The Problem This Solves: Most RAG implementations are either too simple (poor results) or too complex (impossible to understand and modify). This bridges that gap.
Quick Start (2 Minutes)
# 1. Install everything
./install_mini_rag.sh
# 2. Start using it
./rag-tui # Friendly interface for beginners
# OR
./rag-mini index ~/my-project # Direct CLI for developers
./rag-mini search ~/my-project "authentication logic"
That's it.

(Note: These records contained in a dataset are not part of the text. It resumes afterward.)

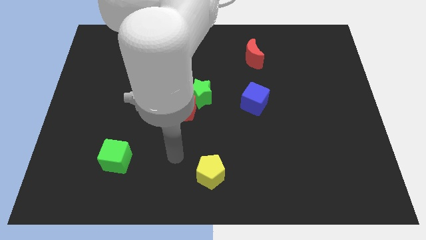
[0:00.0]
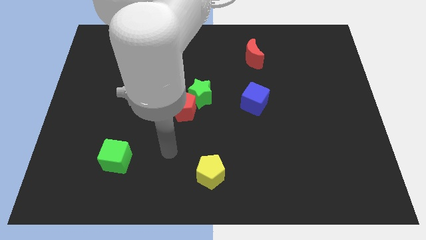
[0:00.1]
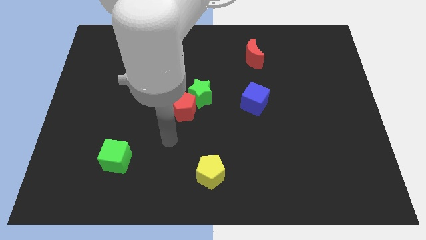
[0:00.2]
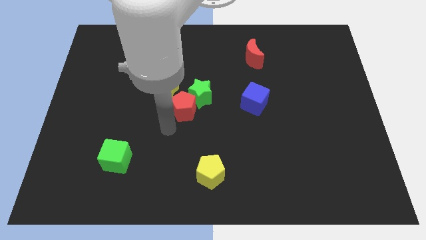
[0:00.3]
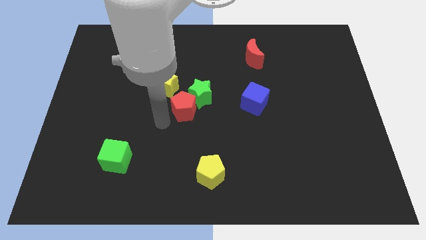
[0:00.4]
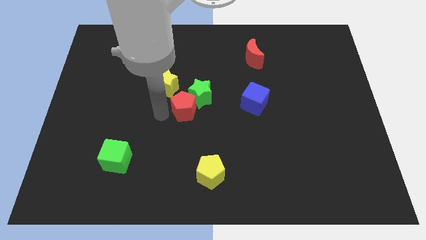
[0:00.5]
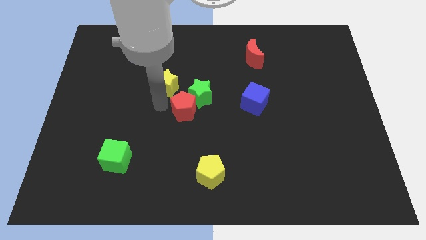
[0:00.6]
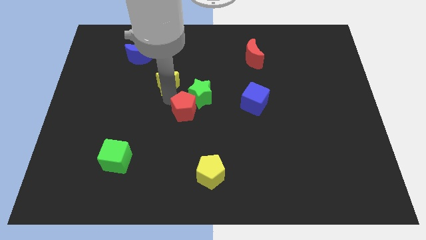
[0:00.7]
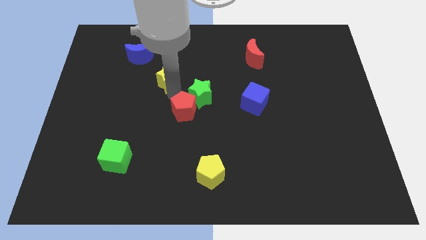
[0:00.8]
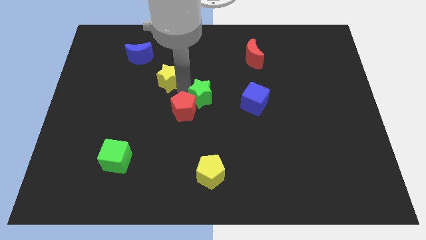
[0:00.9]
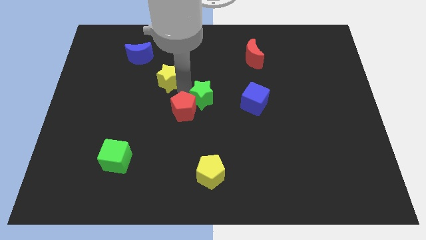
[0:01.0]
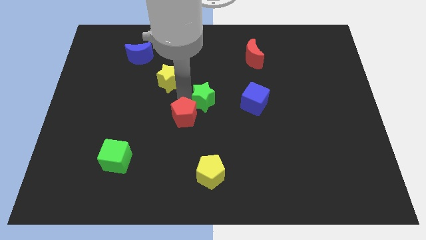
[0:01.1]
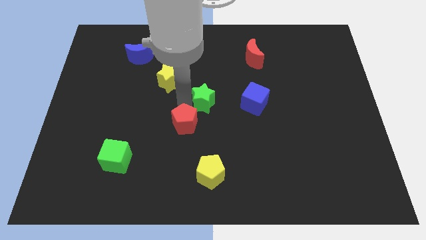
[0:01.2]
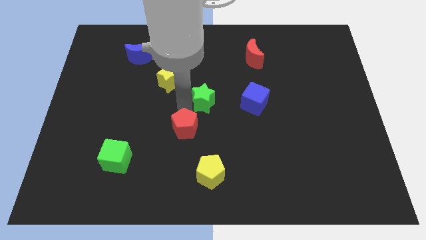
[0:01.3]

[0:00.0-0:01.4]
pull the red pentagon apart from the green star and yellow star

No external dependencies, no configuration required, no PhD in computer science needed.
What Makes This Different
For Beginners
- Just works - Zero configuration required
- Multiple interfaces - TUI for learning, CLI for speed
- Educational - Shows you CLI commands as you use the TUI
- Solid results - Finds code by meaning, not just keywords
For Developers
- Hackable - Clean, documented code you can actually modify
- Configurable - YAML config for everything, or change the code directly
- Multiple embedding options - Ollama, ML models, or hash-based
- Production patterns - Streaming, batching, error handling, monitoring
For Learning
- Complete technical documentation - How chunking, embedding, and search actually work
- Educational tests - See the system in action with real examples
- No magic - Every decision explained, every component documented
Usage Examples
Find Code by Concept
./rag-mini search ~/project "user authentication"

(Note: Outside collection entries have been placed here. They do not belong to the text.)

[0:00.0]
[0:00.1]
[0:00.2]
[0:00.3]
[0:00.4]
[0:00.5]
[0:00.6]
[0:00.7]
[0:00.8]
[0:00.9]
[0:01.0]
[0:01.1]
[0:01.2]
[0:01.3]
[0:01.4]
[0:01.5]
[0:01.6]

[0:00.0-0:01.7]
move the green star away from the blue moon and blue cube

# Finds: login functions, auth middleware, session handling, password validation
Natural Language Queries
./rag-mini search ~/project "error handling for database connections"
# Finds: try/catch blocks, connection pool error handlers, retry logic
Development Workflow
./rag-mini index ~/new-project # Index once
./rag-mini search ~/new-project "API endpoints" # Search as needed
./rag-mini status ~/new-project # Check index health
Installation Options
Recommended: Full Installation
./install_mini_rag.sh
# Handles Python setup, dependencies, optional AI models
Experimental: Copy & Run (May Not Work)
# Copy folder anywhere and try to run directly
./rag-mini index ~/my-project
# Auto-setup will attempt to create environment
# Falls back with clear instructions if it fails
Manual Setup
python3 -m venv .venv
source .venv/bin/activate
pip install -r requirements.txt
Note: The experimental copy & run feature is provided for convenience but may fail on some systems. If you encounter issues, use the full installer for reliable setup.
System Requirements
- Python 3.8+ (installer checks and guides setup)

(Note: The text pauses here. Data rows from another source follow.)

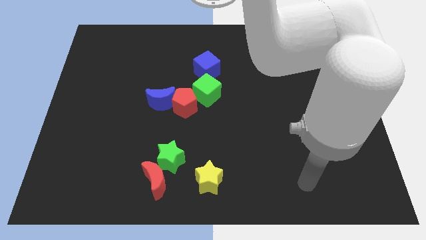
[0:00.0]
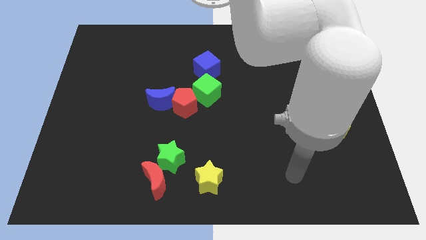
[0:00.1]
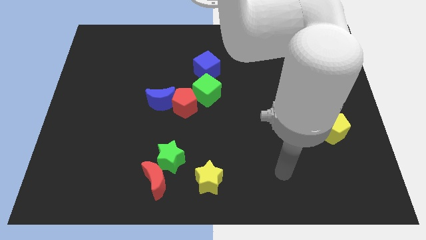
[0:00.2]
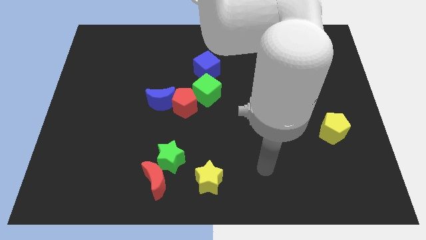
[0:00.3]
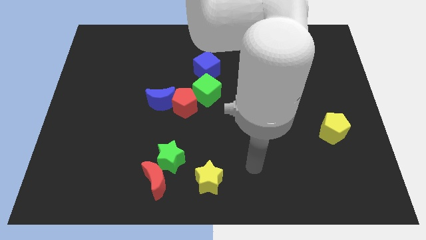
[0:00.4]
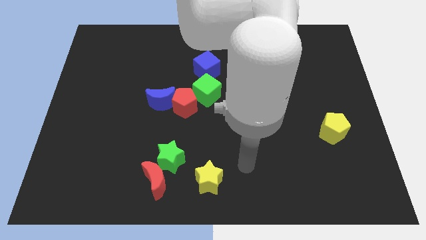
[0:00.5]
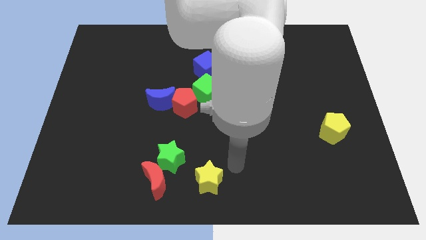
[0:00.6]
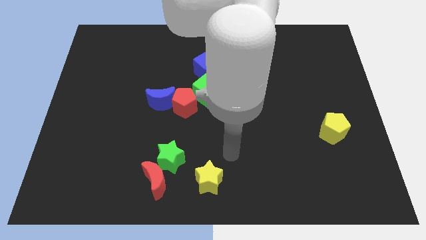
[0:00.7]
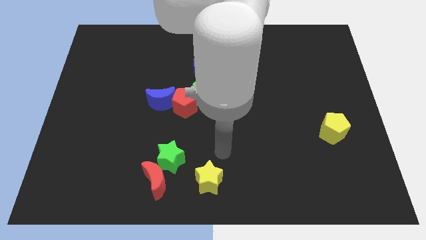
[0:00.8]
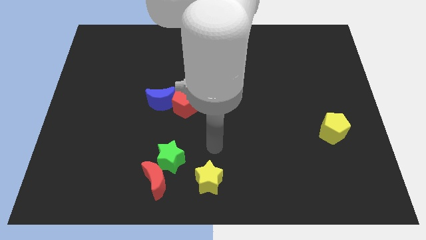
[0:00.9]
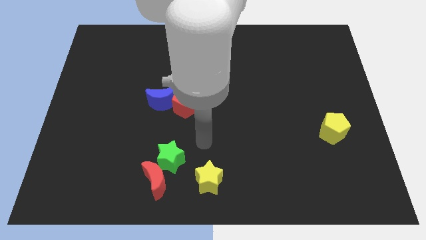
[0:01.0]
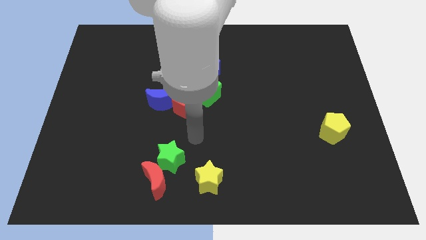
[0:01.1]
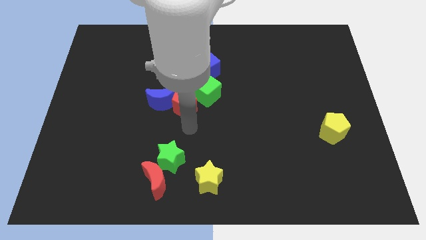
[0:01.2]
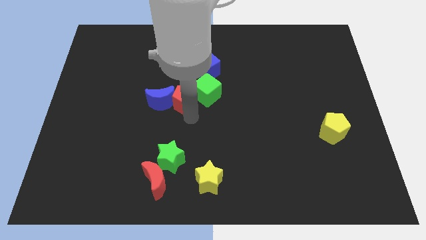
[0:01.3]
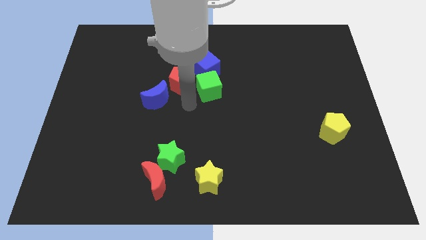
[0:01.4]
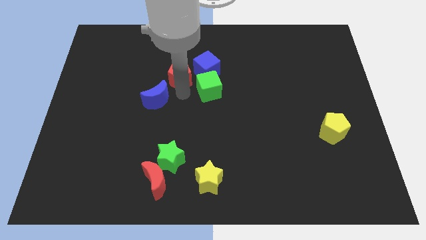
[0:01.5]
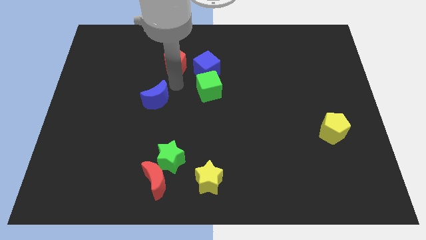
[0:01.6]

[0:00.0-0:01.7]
move the blue moon away from the red pentagon

- Optional: Ollama (for best search quality - installer helps set up)
- Fallback: Works without external dependencies (uses built-in embeddings)
Project Philosophy
This implementation prioritizes:
- Educational Value - You can understand and modify every part
- Practical Results - Actually finds relevant code, not just keyword matches
- Zero Friction - Works out of the box, configurable when needed
- Real-world Patterns - Production techniques in beginner-friendly code
What's Inside
- Hybrid embedding system - Ollama → ML → Hash fallbacks
- Smart chunking - Language-aware code parsing
- Vector + keyword search - Best of both worlds
- Streaming architecture - Handles large codebases efficiently
- Multiple interfaces - TUI, CLI, Python API, server mode
Next Steps
- New users: Run
./rag-minifor guided experience - Developers: Read
TECHNICAL_GUIDE.mdfor implementation details - Contributors: See
CONTRIBUTING.mdfor development setup
Documentation
- Quick Start Guide - Get running in 5 minutes
- Visual Diagrams - 📊 System flow charts and architecture diagrams
- TUI Guide - Complete walkthrough of the friendly interface
- Technical Guide - How the system actually works
- Configuration Guide - Customizing for your needs
- Development Guide - Extending and modifying the code
License
MIT - Use it, learn from it, build on it.
Built by someone who got frustrated with RAG implementations that were either too simple to be useful or too complex to understand. This is the system I wish I'd found when I started.